Магнетизерка | страница 29



Пошел капитан-поручик Татищев вместе с молодцами. И не такие, как он, на зов господина Шешковского хаживали, даже трусцой бежали, потому как только одно имя знаменитого гения сыска и дознания Степана Ивановича наводило ужас и леденило души людей неправедных и имеющих за собой разные грехи, а иногда и вовсе никоих грехов не имеющих. Конечно, коленки у капитан-поручика не тряслись, потому что никакой вины он за собой не ведал, однако в животе все же было как-то прохладно. Петропавловская крепость — это вам не Демутов трактир. К тому же известное дело: на Руси от сумы да тюрьмы зарока нетути.

Старик Шешковский чем-то был похож на графа Суворова: такой же орлиный профиль, такая же невысокая сухощавая позитура, в коей чувствовалась скрытая сила — тронь, тогда узнаешь! Он вполне добродушно встретил Татищева, тотчас отпустил молодцев, которые исчезли, словно дематериализовались — таковое словечко вычитал Татищев в одной скушной книге, валяясь целыми днями на продавленном диване.

— Вы, верно, гадаете, зачем, мол, понадобились старику Шешковскому, ведь за вами ничего такого нет? — после обычных приветствий произнес Степан Иванович, вглядываясь в Татищева.

— Вам виднее, господин обер-секретарь, — довольно смело ответил Павел Андреевич.

— Верно, нам виднее! — усмехнулся советник императрицы, очевидно имея под словом «нам» государыню императрицу Екатерину Лексевну и себя. — Но за вами действительно ничего особого не числится. Так, грешки молодости. Впрочем, у кого их нет?

Татищев промолчал.

— Да вы присаживайтесь, — указал рукой Шешковский на свое знаменитое зловещее кресло, о коем легенд ходило не менее, чем о его владельце.

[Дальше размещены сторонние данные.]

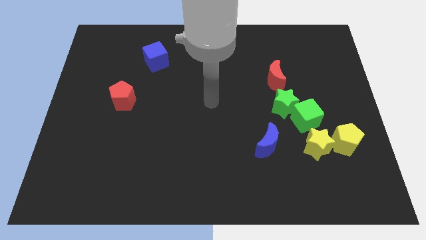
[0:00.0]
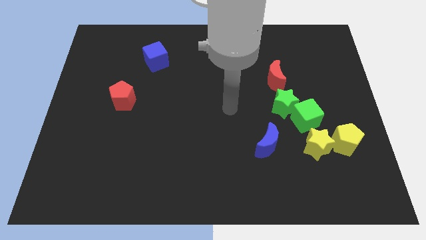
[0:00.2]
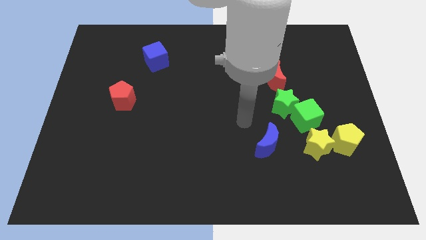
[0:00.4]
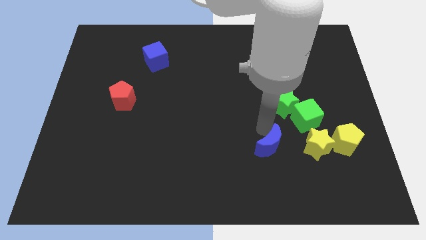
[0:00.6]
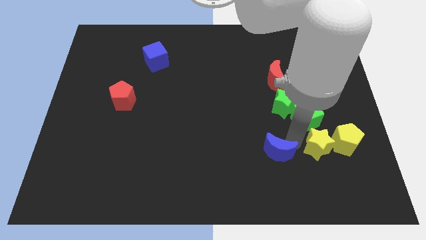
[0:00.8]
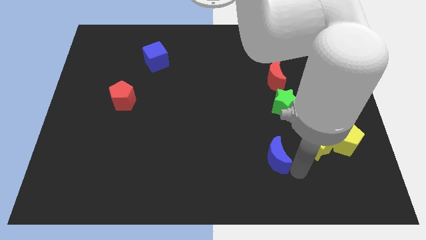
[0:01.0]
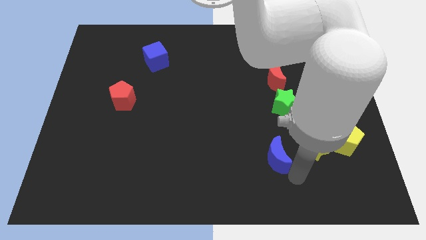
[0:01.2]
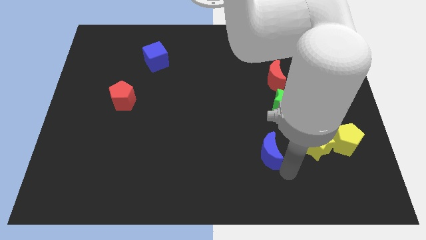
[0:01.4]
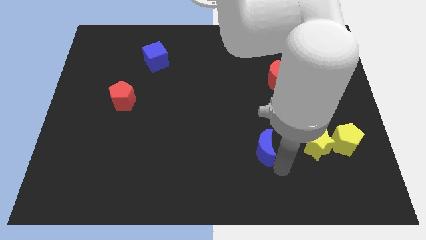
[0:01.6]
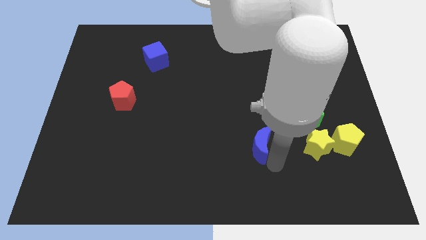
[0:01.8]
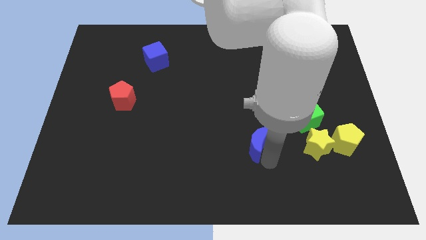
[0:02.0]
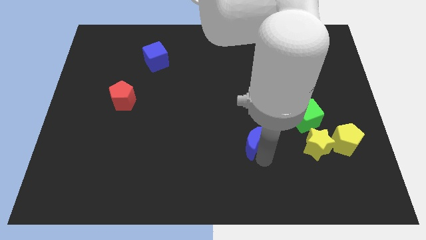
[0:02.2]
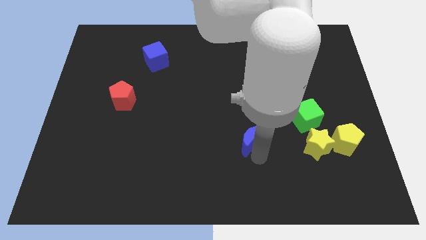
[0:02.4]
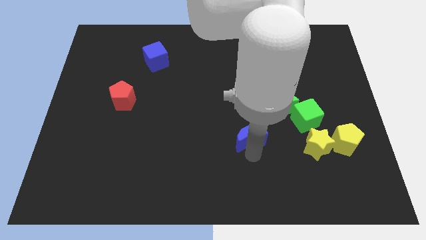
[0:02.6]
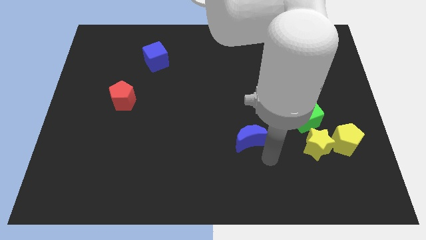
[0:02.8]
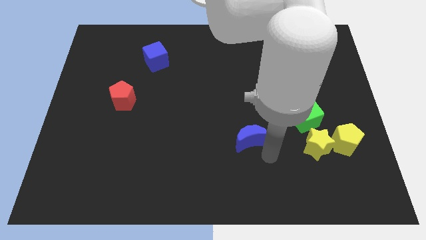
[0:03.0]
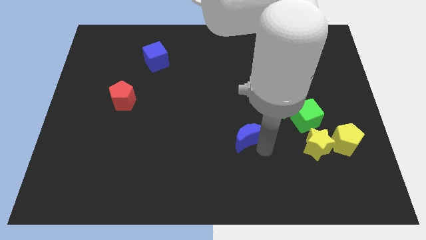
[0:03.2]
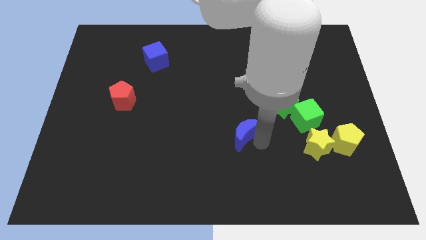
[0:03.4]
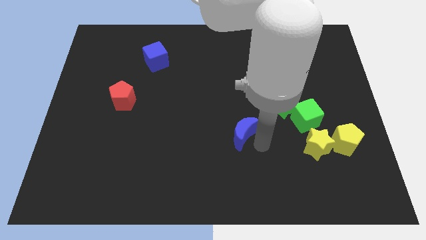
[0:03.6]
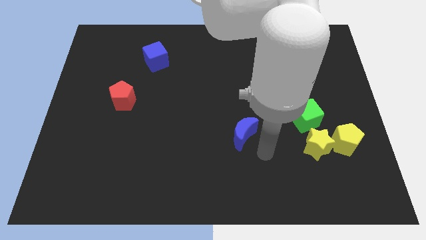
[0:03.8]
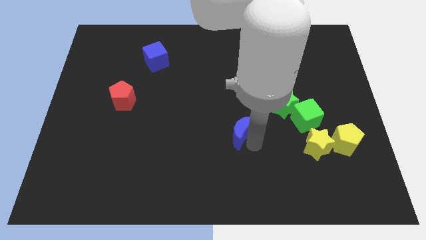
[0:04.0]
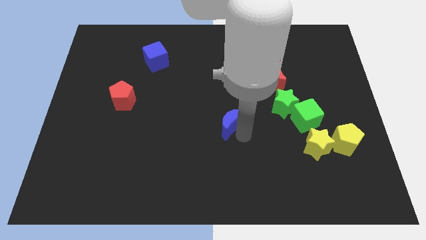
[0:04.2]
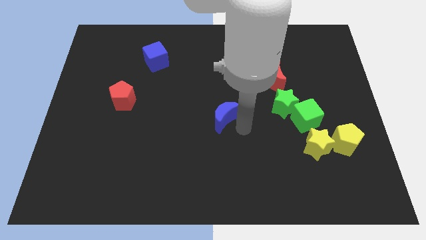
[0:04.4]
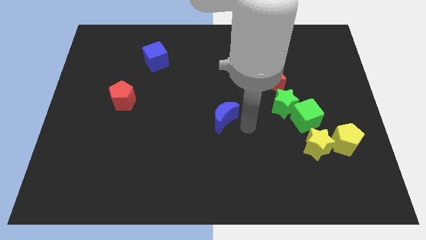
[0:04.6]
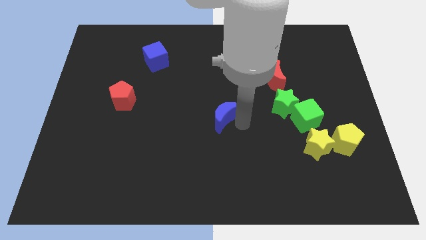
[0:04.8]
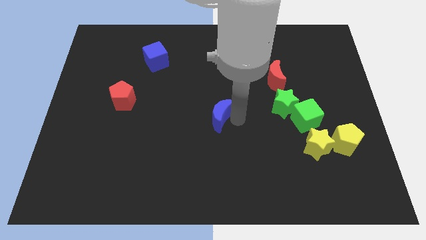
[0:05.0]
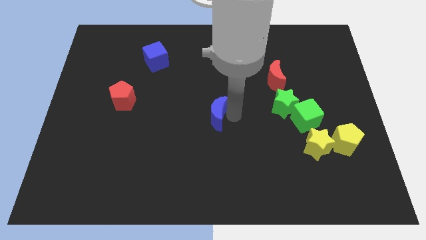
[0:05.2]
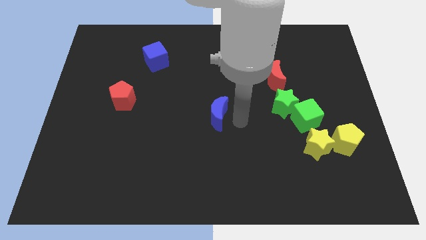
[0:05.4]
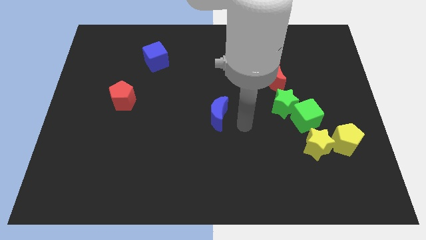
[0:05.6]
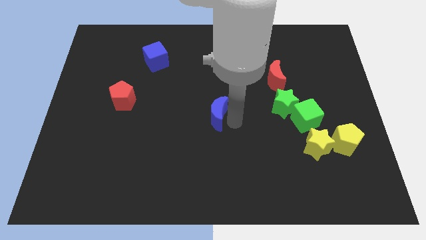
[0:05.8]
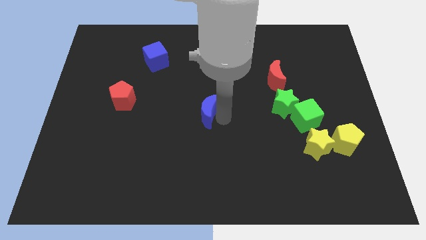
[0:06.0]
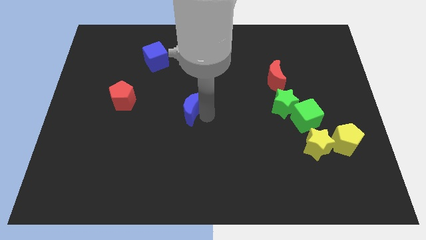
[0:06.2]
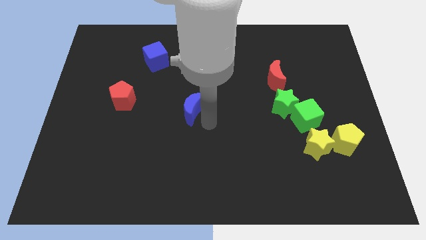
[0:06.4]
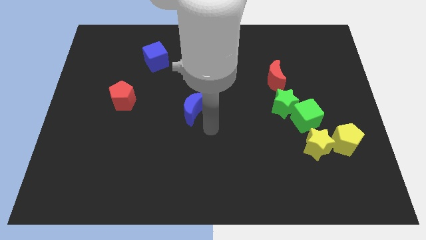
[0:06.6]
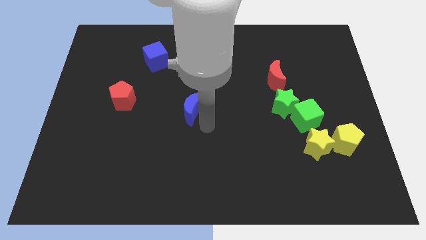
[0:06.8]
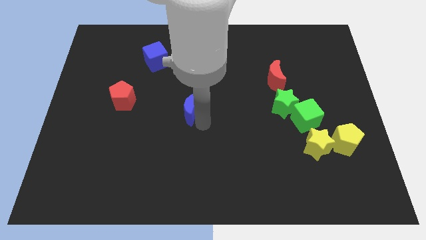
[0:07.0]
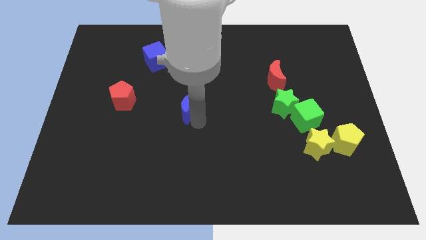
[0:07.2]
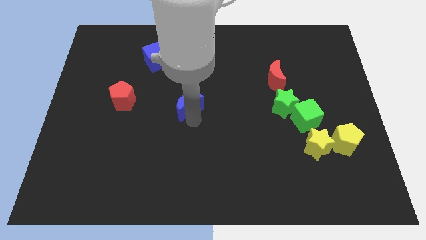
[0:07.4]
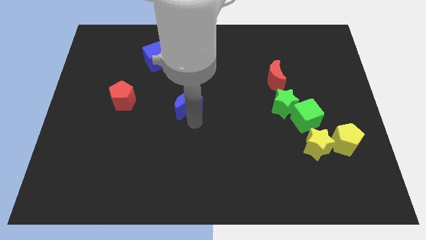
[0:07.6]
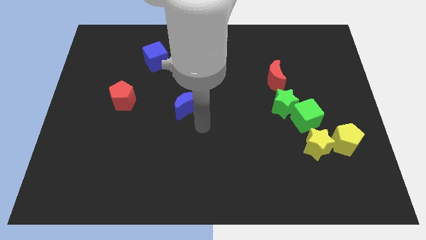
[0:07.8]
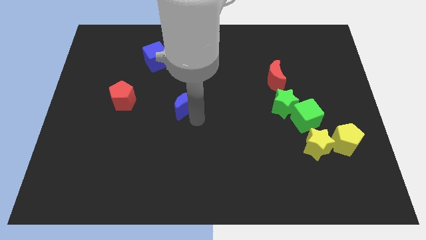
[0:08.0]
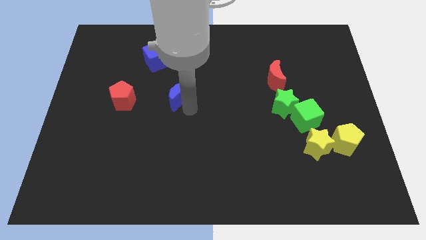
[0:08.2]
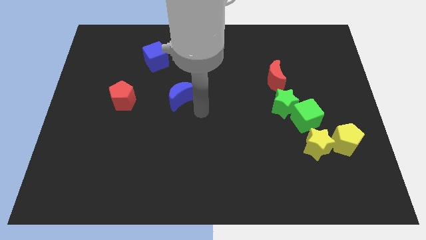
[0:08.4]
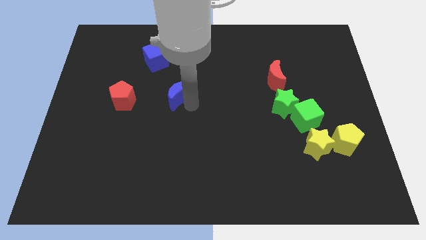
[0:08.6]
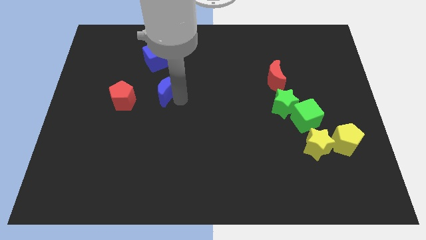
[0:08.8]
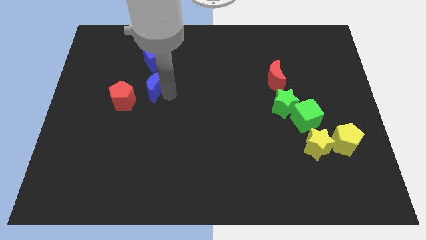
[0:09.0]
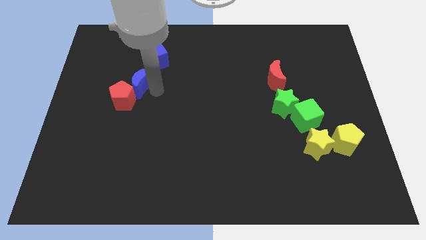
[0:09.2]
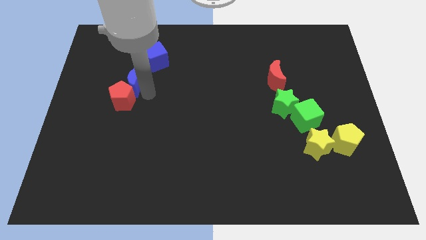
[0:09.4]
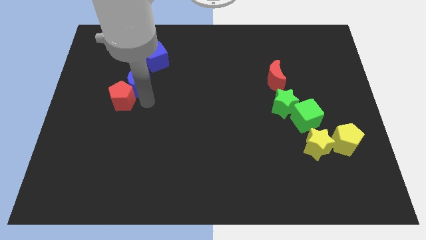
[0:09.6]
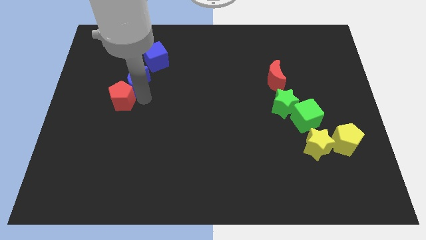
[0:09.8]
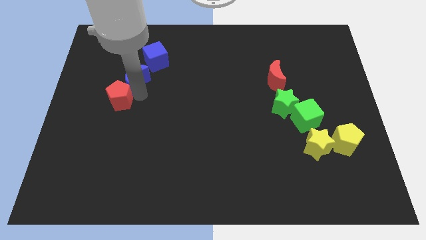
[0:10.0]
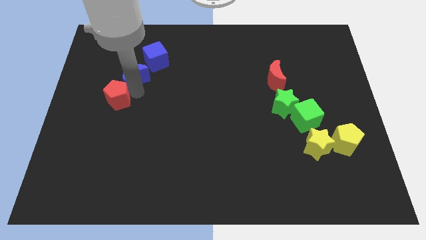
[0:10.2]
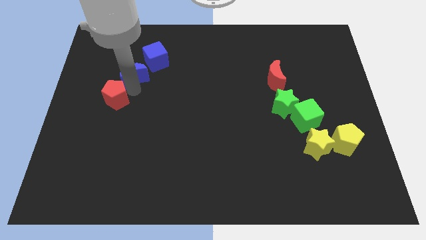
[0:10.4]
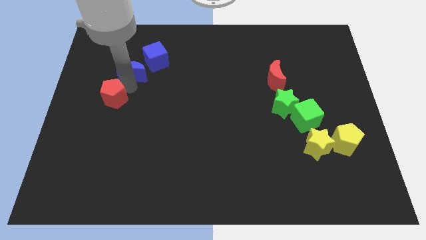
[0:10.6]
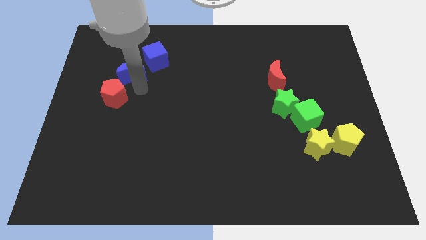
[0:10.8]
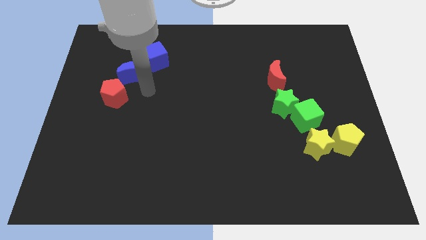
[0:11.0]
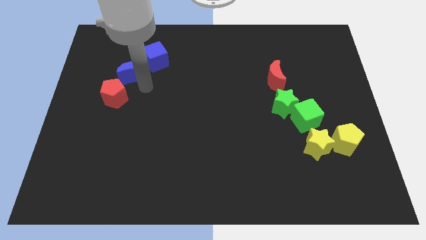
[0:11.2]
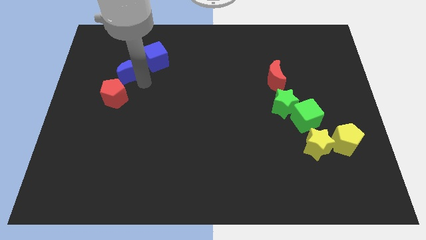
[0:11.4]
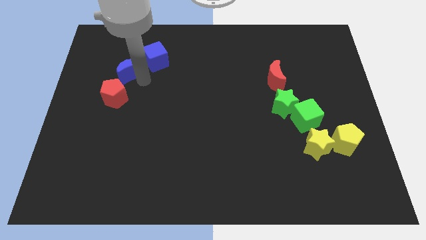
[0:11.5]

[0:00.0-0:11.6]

Павел Андреевич сел и непроизвольно вцепился в кожаные подлокотники, на что Шешковский усмехнулся одними уголками губ.

— Не беспокойтесь, господин Татищев, это другое кресло, — произнес обер-секретарь серьезно.

Ну конечно! Тебе верить — что у фактора Зельца золото покупать. Такое же дутое, как твои заверения.

«Это другое кресло». Эти слова, да еще сказанные с учтивой улыбочкой, услышала несколько месяцев назад генеральша Кожина, а потом, когда села, подвинул Степан Иванович на нем какой-то рычажок, и замкнуло сие креслице генеральшу по рукам и ногам железными обручами. После в полу люк открылся, и стало сие кресло опускаться под пол, а генеральше и вовсе показалось, что в преисподнюю. А потом, когда только голова над полом осталась, освободили подпольные мастера генеральшу от кресла, подняли юбки, сняли кружевные порты и, покуда обер-секретарь читал голове генеральши мораль, высекли ее по филейным частям как сидорову козу. Затем надели порты, опустили юбки и, прикрепив к ней кресло, подняли, всю изреванную, наверх. К тому времени и Степан Иванович закончил моралитэ. Снова рычажок на креслице подвинул, и оковы железные прочь, как будто никакой экзекуции и не было. Да и то: зачем генеральше Кожиной понадобилось говорить в маскераде, что пора бы императрице угомониться и престать проводить в Эрмитаже свои интимные сатурналии и менять любовников как перчатки.